Arthritis Research & Therapy volume 18, Article number: 9 (2016)
Primary Sjögren’s syndrome (pSS) is a systemic rheumatic disease in which gastrointestinal (GI) symptoms are common. Faecal calprotectin (FC) is a non-invasive biomarker that has been suggested to discriminate organic intestinal disease from functional disorders. The purpose of this study was to explore the usefulness of FC testing in patients with pSS.
In total, 56 consecutive patients with pSS and 29 healthy control subjects were included in this cross-sectional study. FC was measured with a commercially available enzyme-linked immunosorbent assay kit. GI symptoms were evaluated with the Rome III questionnaire and the Visual Analogue Scale for Irritable Bowel Syndrome. In patients with pSS, disease activity was estimated using the European League Against Rheumatism (EULAR) Sjögren’s Syndrome Disease Activity Index (ESSDAI), and patient-reported outcomes were evaluated with the EULAR Sjögren’s Syndrome Patient-Reported Index.

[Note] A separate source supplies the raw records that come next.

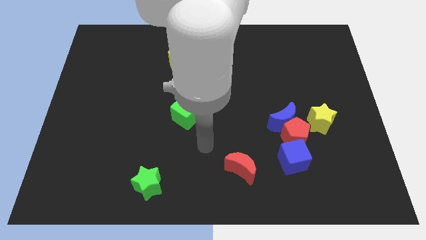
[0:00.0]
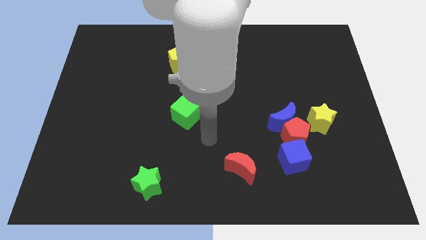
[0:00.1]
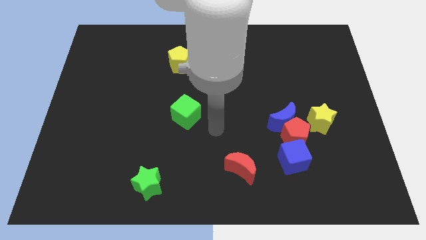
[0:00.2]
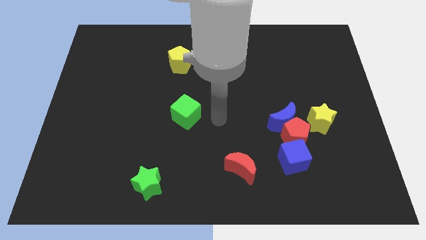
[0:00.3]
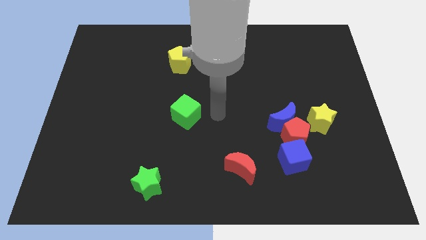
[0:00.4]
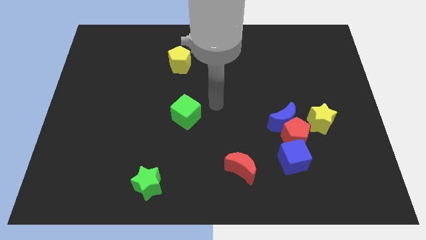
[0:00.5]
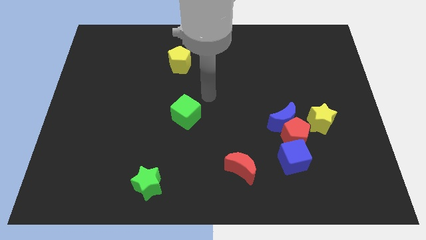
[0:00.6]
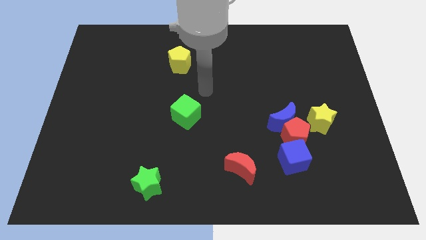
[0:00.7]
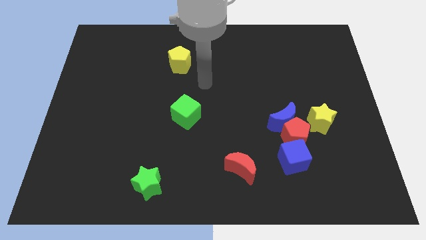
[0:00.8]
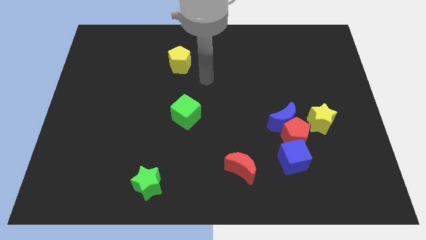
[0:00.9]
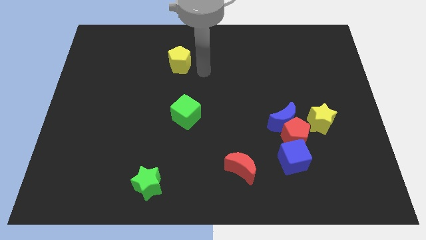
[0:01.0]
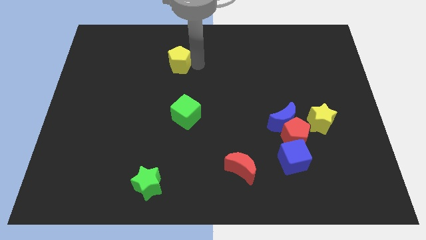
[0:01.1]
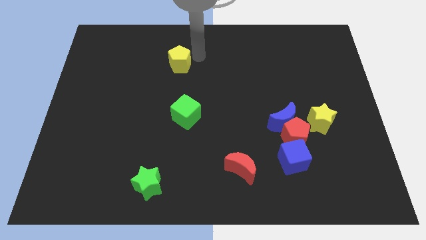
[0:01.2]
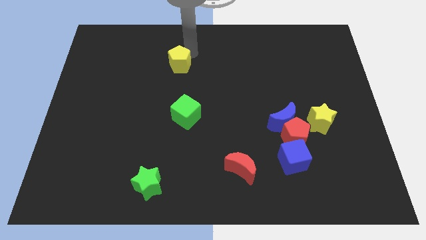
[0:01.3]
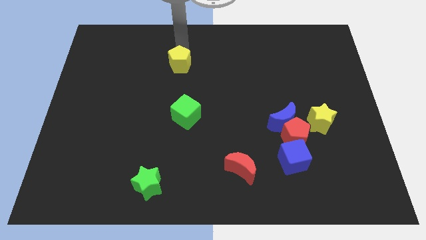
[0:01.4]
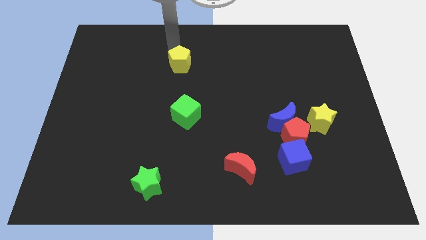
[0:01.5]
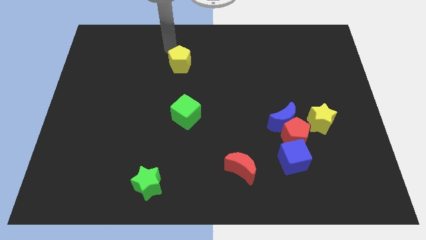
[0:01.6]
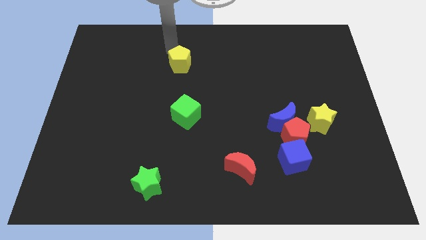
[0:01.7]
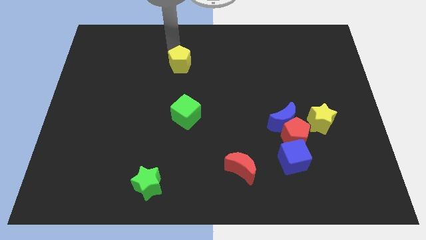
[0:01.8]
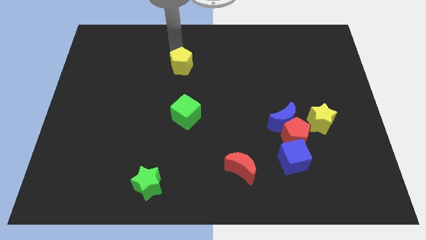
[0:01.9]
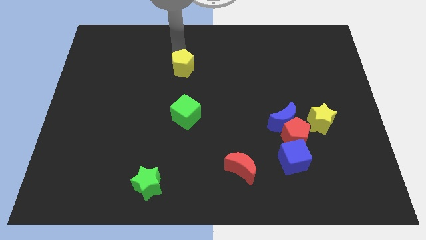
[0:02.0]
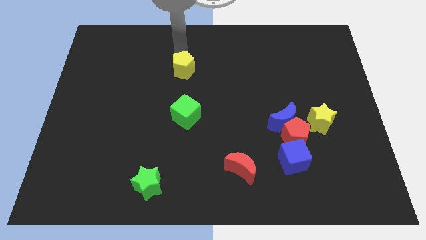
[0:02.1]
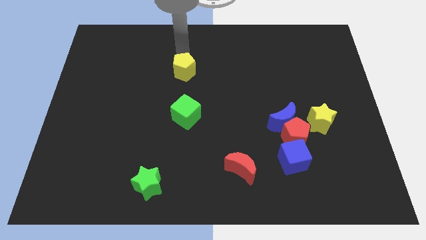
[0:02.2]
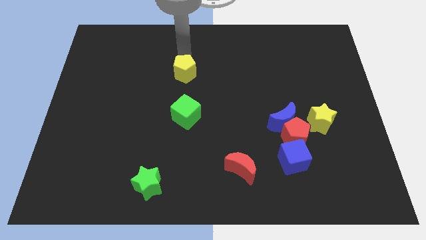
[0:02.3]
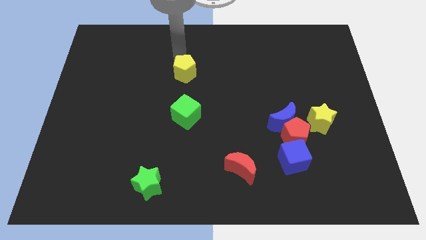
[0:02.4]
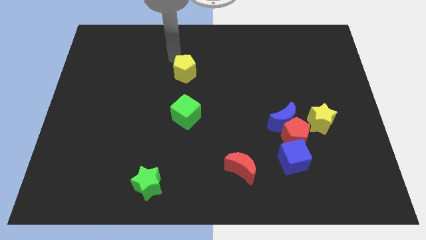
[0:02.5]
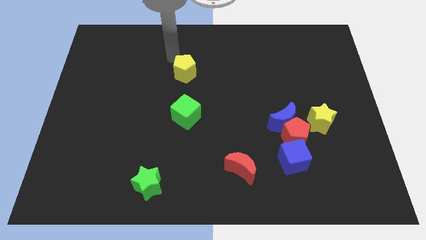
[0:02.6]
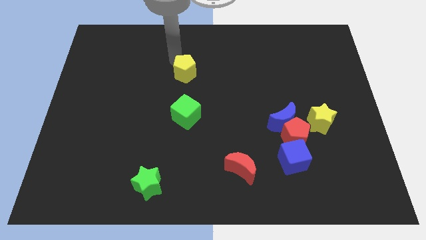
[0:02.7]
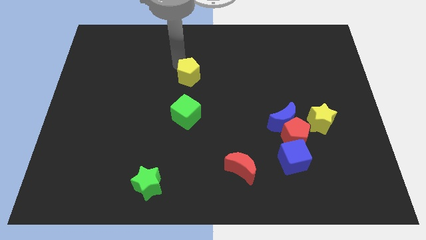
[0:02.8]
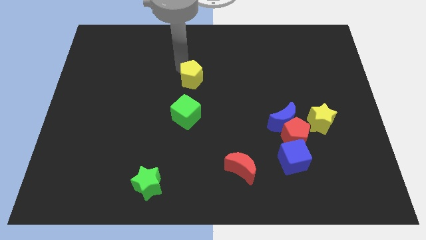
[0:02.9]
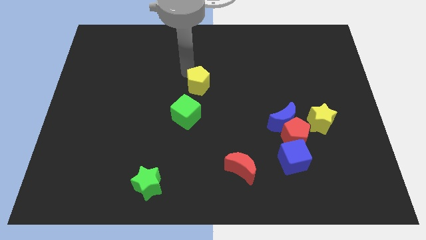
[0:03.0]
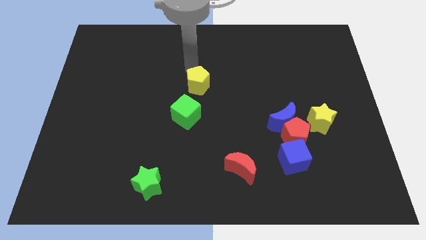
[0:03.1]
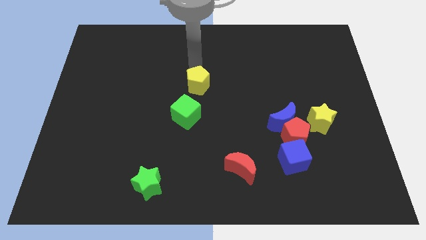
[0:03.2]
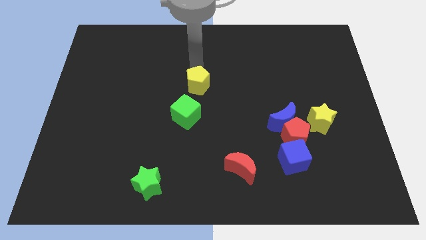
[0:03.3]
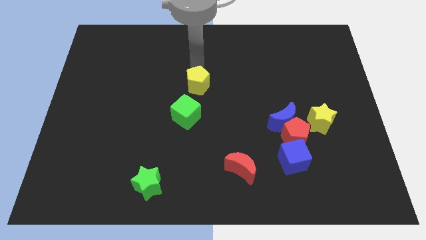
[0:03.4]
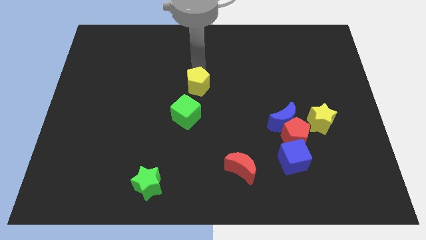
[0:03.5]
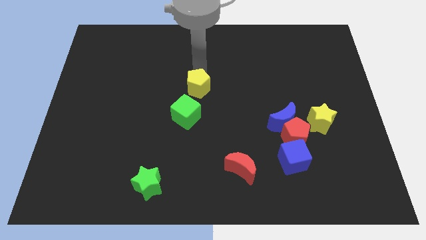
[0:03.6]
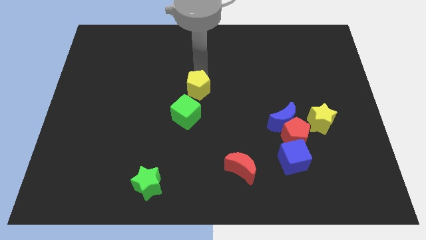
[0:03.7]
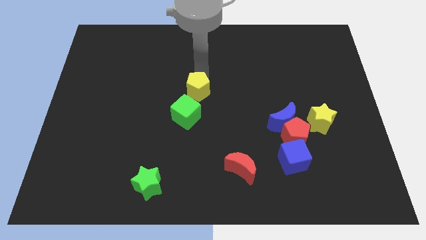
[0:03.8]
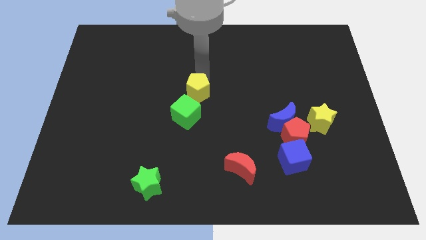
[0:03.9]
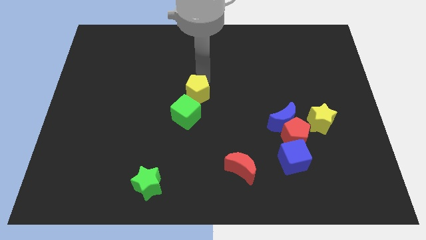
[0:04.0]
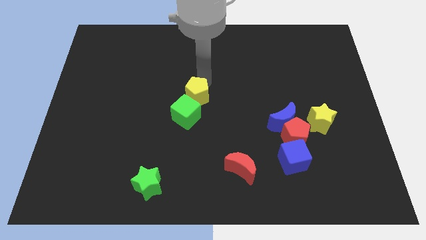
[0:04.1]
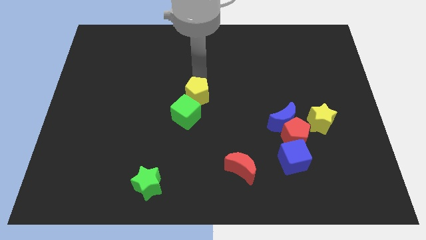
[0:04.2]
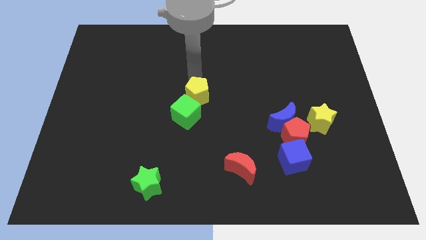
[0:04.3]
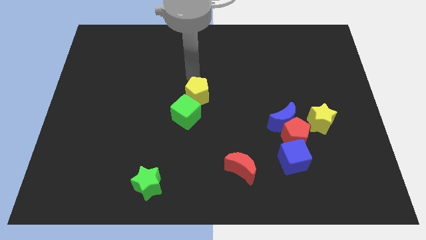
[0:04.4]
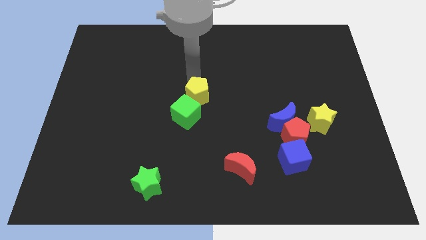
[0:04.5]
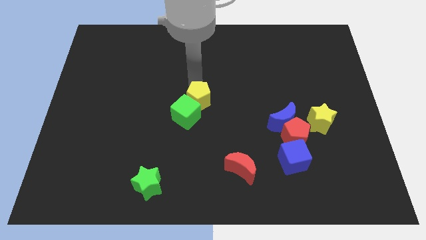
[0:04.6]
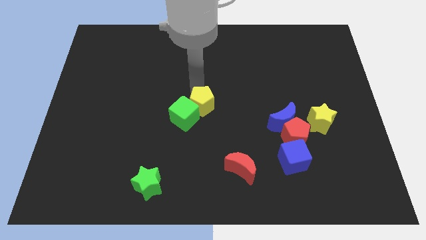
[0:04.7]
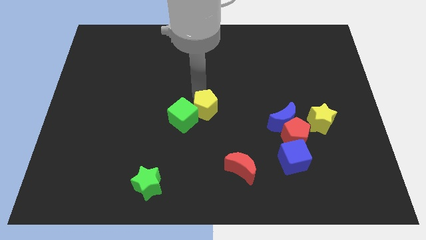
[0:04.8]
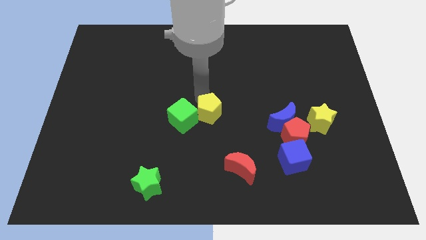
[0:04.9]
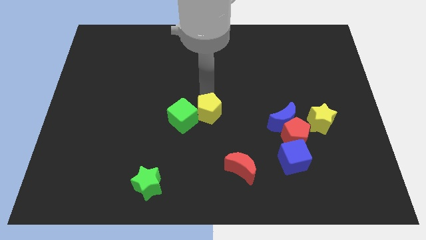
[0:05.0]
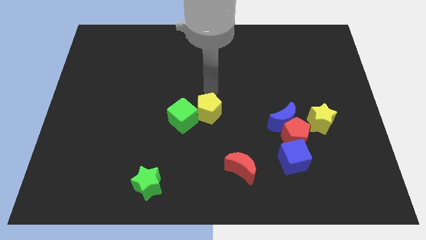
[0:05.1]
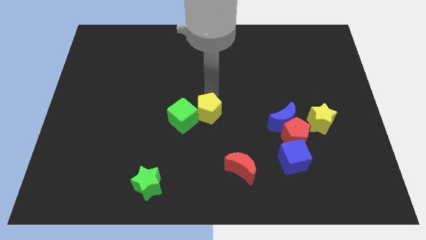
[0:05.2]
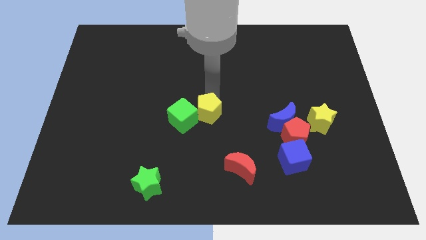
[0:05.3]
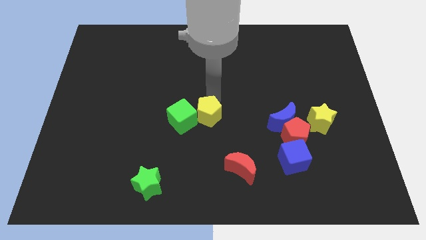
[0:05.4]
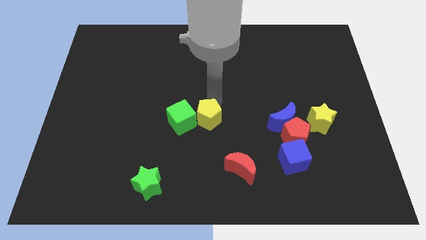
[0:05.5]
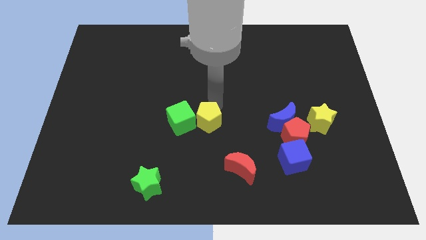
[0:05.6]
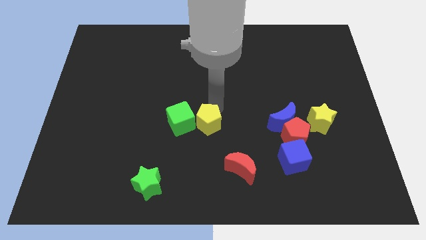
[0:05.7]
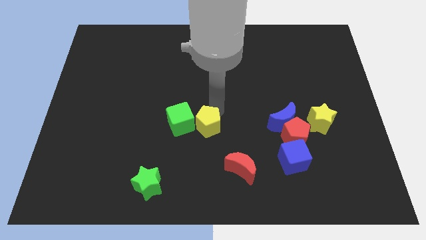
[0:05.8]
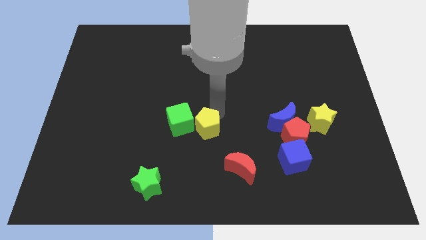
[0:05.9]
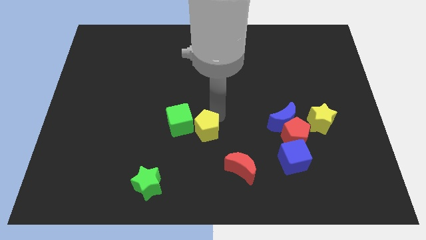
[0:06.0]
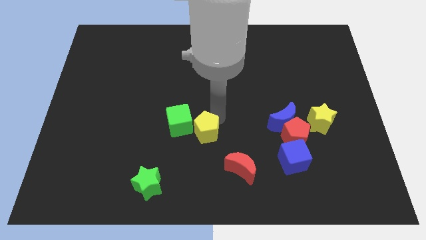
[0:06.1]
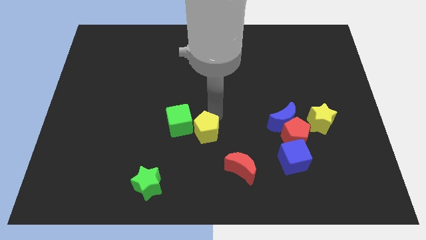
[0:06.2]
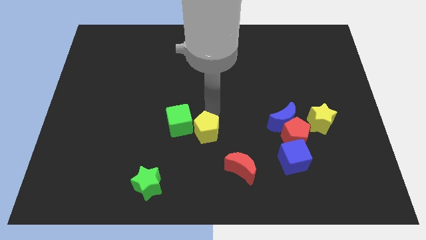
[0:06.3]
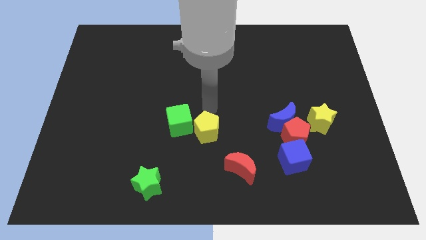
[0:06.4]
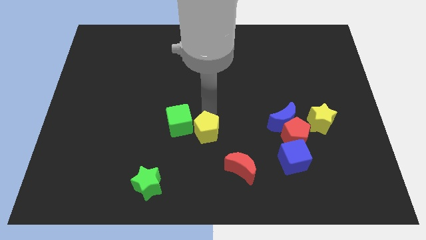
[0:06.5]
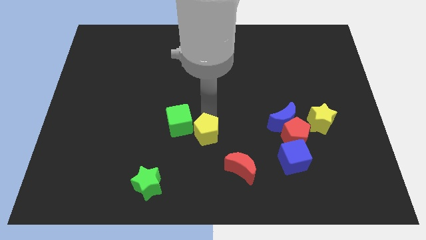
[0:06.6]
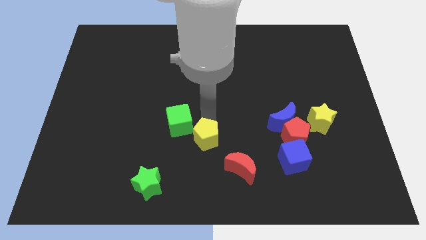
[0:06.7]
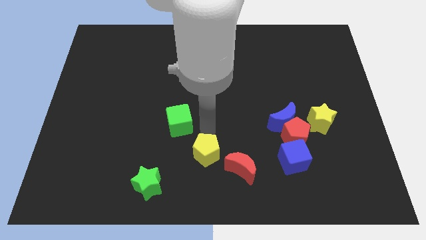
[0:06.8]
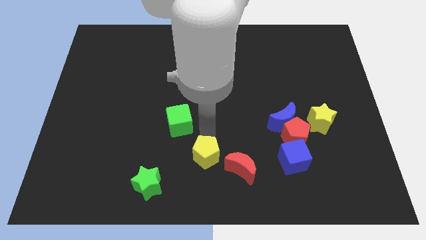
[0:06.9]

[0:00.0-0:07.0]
slide the yellow pentagon to the bottom

Patients with pSS had higher levels of FC than healthy control subjects (median 54 μg/g, interquartile range [IQR 20–128]; vs. 20 μg/g [20–43]; p = 0.002). Concomitant organic GI disease was found in 14 patients with pSS and included inflammatory bowel disease (n = 3), colonic adenoma (n = 2) and GI lymphoma (n = 1). Patients with organic GI disease had higher FC levels than the other patients with pSS (median 274 μg/g [IQR 61–363] vs. median 34 μg/g [IQR 20–76]; p < 0.001). Although patients with pSS reported abdominal discomfort more frequently than healthy control subjects did, such symptoms were not associated with organic GI disease or elevated FC levels. FC correlated moderately with ESSDAI. Excluding patients with organic GI disease, we did not identify any significant association between ESSDAI and FC levels.
GI symptoms are frequent in pSS. Contrary to patient-reported outcomes, elevated FC levels in pSS indicate possible organic GI disease that warrants further investigation.

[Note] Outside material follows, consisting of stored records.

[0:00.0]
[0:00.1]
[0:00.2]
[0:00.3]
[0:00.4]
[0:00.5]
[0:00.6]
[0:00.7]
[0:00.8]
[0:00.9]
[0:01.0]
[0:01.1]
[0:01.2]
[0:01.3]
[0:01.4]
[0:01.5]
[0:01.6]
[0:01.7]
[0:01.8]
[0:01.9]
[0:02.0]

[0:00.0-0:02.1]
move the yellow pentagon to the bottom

Primary Sjögren’s syndrome (pSS) is a systemic autoimmune disease characterized by xerostomia and keratoconjunctivitis sicca with lymphocytic infiltration of the exocrine glands. Typically, the disease affects ocular and oral glands, which is reflected in the current criteria for this disease , but pSS can affect several other organs, including the lungs, joints and nervous system, as evaluated using the European League Against Rheumatism (EULAR) Sjögren’s Syndrome Disease Activity Index (ESSDAI) . Gastrointestinal (GI) symptoms have been reported to affect a majority of patients with pSS and are frequently debilitating [3, 4]. Of note, the associations between patient-reported GI symptoms and objective markers of GI dysfunction have been weak [5, 6]. Thus, the majority of patients with pSS have been suggested to have functional GI disorders such as irritable bowel syndrome (IBS) [7–9]. pSS has also been associated with a broad spectrum of organic GI diseases, including reflux esophagitis, chronic atrophic gastritis and coeliac disease, while an association with inflammatory bowel disease (IBD) has been debated [10–13]. Furthermore, patients with pSS are at an overall increased risk of malignancy . Consequently, GI assessment in pSS is challenging. Not least is that it is hard to decide which patients to refer for endoscopy and when.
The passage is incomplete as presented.